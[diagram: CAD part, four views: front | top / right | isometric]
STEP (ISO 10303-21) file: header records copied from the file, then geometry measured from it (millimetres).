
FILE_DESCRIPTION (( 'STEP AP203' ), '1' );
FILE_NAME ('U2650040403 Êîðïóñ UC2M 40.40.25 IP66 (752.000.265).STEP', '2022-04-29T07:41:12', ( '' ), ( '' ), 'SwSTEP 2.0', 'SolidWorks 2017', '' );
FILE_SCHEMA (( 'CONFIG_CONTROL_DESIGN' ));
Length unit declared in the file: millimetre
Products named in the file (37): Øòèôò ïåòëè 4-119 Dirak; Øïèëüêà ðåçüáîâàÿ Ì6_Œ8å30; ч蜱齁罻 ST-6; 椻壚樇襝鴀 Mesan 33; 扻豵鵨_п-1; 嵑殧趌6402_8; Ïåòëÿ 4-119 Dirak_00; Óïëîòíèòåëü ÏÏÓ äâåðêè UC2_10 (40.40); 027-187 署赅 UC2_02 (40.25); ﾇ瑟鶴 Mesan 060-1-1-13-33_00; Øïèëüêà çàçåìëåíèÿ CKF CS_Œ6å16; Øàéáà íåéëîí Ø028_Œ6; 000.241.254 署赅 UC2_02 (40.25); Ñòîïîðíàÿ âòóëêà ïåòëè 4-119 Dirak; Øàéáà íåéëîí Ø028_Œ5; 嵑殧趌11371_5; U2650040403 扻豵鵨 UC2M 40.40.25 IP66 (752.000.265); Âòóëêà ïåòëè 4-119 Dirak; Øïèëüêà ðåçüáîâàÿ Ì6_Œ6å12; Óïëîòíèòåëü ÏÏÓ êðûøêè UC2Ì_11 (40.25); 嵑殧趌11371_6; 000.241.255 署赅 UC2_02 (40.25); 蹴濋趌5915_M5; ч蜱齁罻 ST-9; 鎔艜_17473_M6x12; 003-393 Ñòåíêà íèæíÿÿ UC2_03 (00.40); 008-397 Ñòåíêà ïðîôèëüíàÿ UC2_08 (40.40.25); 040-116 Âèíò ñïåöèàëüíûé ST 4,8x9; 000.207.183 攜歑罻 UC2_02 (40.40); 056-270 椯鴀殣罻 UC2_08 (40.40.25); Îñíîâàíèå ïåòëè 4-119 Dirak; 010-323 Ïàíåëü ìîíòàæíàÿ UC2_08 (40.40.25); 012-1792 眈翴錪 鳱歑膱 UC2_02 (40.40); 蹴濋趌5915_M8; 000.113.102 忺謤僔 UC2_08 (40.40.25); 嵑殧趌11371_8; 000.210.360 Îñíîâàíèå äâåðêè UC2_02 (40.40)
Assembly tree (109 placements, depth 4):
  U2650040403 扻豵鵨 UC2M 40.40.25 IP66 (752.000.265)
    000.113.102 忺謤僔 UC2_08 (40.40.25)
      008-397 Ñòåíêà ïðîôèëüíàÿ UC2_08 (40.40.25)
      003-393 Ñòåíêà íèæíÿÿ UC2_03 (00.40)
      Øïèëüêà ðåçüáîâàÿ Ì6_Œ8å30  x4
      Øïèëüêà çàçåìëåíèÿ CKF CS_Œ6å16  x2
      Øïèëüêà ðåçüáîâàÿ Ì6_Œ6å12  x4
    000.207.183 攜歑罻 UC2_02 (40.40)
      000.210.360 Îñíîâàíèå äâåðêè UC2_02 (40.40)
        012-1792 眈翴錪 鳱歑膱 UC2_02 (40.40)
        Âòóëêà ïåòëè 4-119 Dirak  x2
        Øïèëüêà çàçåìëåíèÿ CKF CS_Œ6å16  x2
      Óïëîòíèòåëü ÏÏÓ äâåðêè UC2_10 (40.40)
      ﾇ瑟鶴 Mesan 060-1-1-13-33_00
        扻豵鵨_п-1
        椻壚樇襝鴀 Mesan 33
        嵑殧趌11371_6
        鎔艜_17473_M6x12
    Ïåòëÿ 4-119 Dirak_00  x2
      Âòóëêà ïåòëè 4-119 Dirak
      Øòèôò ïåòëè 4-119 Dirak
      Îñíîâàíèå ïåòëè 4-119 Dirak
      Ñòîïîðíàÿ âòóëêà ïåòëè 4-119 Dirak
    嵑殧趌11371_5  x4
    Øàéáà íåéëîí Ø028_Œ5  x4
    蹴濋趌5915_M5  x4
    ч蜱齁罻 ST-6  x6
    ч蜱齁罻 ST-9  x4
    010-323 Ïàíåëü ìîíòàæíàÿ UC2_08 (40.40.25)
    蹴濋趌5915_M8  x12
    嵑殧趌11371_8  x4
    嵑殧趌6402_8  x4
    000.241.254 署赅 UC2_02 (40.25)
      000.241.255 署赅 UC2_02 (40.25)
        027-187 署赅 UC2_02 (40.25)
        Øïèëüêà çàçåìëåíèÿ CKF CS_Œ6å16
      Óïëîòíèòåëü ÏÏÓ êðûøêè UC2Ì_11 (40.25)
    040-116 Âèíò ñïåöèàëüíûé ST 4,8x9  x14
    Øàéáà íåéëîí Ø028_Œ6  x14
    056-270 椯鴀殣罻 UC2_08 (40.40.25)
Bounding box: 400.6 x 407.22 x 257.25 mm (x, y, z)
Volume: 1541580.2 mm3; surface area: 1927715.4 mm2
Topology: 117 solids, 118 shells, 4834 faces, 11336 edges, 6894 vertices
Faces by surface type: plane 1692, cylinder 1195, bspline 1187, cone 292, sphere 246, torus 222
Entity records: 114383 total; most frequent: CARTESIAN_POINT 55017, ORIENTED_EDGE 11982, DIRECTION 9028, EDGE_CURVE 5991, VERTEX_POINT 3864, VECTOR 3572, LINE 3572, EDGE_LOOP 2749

*-*-*

§ Prompt:
Exactly reproduce all of the entries above.

§ Output for this task:
[diagram: CAD part, four views: front | top / right | isometric]
STEP (ISO 10303-21) file: header records copied from the file, then geometry measured from it (millimetres).
FILE_DESCRIPTION (( 'STEP AP203' ), '1' );
FILE_NAME ('U2650040403 Êîðïóñ UC2M 40.40.25 IP66 (752.000.265).STEP', '2022-04-29T07:41:12', ( '' ), ( '' ), 'SwSTEP 2.0', 'SolidWorks 2017', '' );
FILE_SCHEMA (( 'CONFIG_CONTROL_DESIGN' ));
Length unit declared in the file: millimetre
Products named in the file (37): Øòèôò ïåòëè 4-119 Dirak; Øïèëüêà ðåçüáîâàÿ Ì6_Œ8å30; ч蜱齁罻 ST-6; 椻壚樇襝鴀 Mesan 33; 扻豵鵨_п-1; 嵑殧趌6402_8; Ïåòëÿ 4-119 Dirak_00; Óïëîòíèòåëü ÏÏÓ äâåðêè UC2_10 (40.40); 027-187 署赅 UC2_02 (40.25); ﾇ瑟鶴 Mesan 060-1-1-13-33_00; Øïèëüêà çàçåìëåíèÿ CKF CS_Œ6å16; Øàéáà íåéëîí Ø028_Œ6; 000.241.254 署赅 UC2_02 (40.25); Ñòîïîðíàÿ âòóëêà ïåòëè 4-119 Dirak; Øàéáà íåéëîí Ø028_Œ5; 嵑殧趌11371_5; U2650040403 扻豵鵨 UC2M 40.40.25 IP66 (752.000.265); Âòóëêà ïåòëè 4-119 Dirak; Øïèëüêà ðåçüáîâàÿ Ì6_Œ6å12; Óïëîòíèòåëü ÏÏÓ êðûøêè UC2Ì_11 (40.25); 嵑殧趌11371_6; 000.241.255 署赅 UC2_02 (40.25); 蹴濋趌5915_M5; ч蜱齁罻 ST-9; 鎔艜_17473_M6x12; 003-393 Ñòåíêà íèæíÿÿ UC2_03 (00.40); 008-397 Ñòåíêà ïðîôèëüíàÿ UC2_08 (40.40.25); 040-116 Âèíò ñïåöèàëüíûé ST 4,8x9; 000.207.183 攜歑罻 UC2_02 (40.40); 056-270 椯鴀殣罻 UC2_08 (40.40.25); Îñíîâàíèå ïåòëè 4-119 Dirak; 010-323 Ïàíåëü ìîíòàæíàÿ UC2_08 (40.40.25); 012-1792 眈翴錪 鳱歑膱 UC2_02 (40.40); 蹴濋趌5915_M8; 000.113.102 忺謤僔 UC2_08 (40.40.25); 嵑殧趌11371_8; 000.210.360 Îñíîâàíèå äâåðêè UC2_02 (40.40)
Assembly tree (109 placements, depth 4):
  U2650040403 扻豵鵨 UC2M 40.40.25 IP66 (752.000.265)
    000.113.102 忺謤僔 UC2_08 (40.40.25)
      008-397 Ñòåíêà ïðîôèëüíàÿ UC2_08 (40.40.25)
      003-393 Ñòåíêà íèæíÿÿ UC2_03 (00.40)
      Øïèëüêà ðåçüáîâàÿ Ì6_Œ8å30  x4
      Øïèëüêà çàçåìëåíèÿ CKF CS_Œ6å16  x2
      Øïèëüêà ðåçüáîâàÿ Ì6_Œ6å12  x4
    000.207.183 攜歑罻 UC2_02 (40.40)
      000.210.360 Îñíîâàíèå äâåðêè UC2_02 (40.40)
        012-1792 眈翴錪 鳱歑膱 UC2_02 (40.40)
        Âòóëêà ïåòëè 4-119 Dirak  x2
        Øïèëüêà çàçåìëåíèÿ CKF CS_Œ6å16  x2
      Óïëîòíèòåëü ÏÏÓ äâåðêè UC2_10 (40.40)
      ﾇ瑟鶴 Mesan 060-1-1-13-33_00
        扻豵鵨_п-1
        椻壚樇襝鴀 Mesan 33
        嵑殧趌11371_6
        鎔艜_17473_M6x12
    Ïåòëÿ 4-119 Dirak_00  x2
      Âòóëêà ïåòëè 4-119 Dirak
      Øòèôò ïåòëè 4-119 Dirak
      Îñíîâàíèå ïåòëè 4-119 Dirak
      Ñòîïîðíàÿ âòóëêà ïåòëè 4-119 Dirak
    嵑殧趌11371_5  x4
    Øàéáà íåéëîí Ø028_Œ5  x4
    蹴濋趌5915_M5  x4
    ч蜱齁罻 ST-6  x6
    ч蜱齁罻 ST-9  x4
    010-323 Ïàíåëü ìîíòàæíàÿ UC2_08 (40.40.25)
    蹴濋趌5915_M8  x12
    嵑殧趌11371_8  x4
    嵑殧趌6402_8  x4
    000.241.254 署赅 UC2_02 (40.25)
      000.241.255 署赅 UC2_02 (40.25)
        027-187 署赅 UC2_02 (40.25)
        Øïèëüêà çàçåìëåíèÿ CKF CS_Œ6å16
      Óïëîòíèòåëü ÏÏÓ êðûøêè UC2Ì_11 (40.25)
    040-116 Âèíò ñïåöèàëüíûé ST 4,8x9  x14
    Øàéáà íåéëîí Ø028_Œ6  x14
    056-270 椯鴀殣罻 UC2_08 (40.40.25)
Bounding box: 400.6 x 407.22 x 257.25 mm (x, y, z)
Volume: 1541580.2 mm3; surface area: 1927715.4 mm2
Topology: 117 solids, 118 shells, 4834 faces, 11336 edges, 6894 vertices
Faces by surface type: plane 1692, cylinder 1195, bspline 1187, cone 292, sphere 246, torus 222
Entity records: 114383 total; most frequent: CARTESIAN_POINT 55017, ORIENTED_EDGE 11982, DIRECTION 9028, EDGE_CURVE 5991, VERTEX_POINT 3864, VECTOR 3572, LINE 3572, EDGE_LOOP 2749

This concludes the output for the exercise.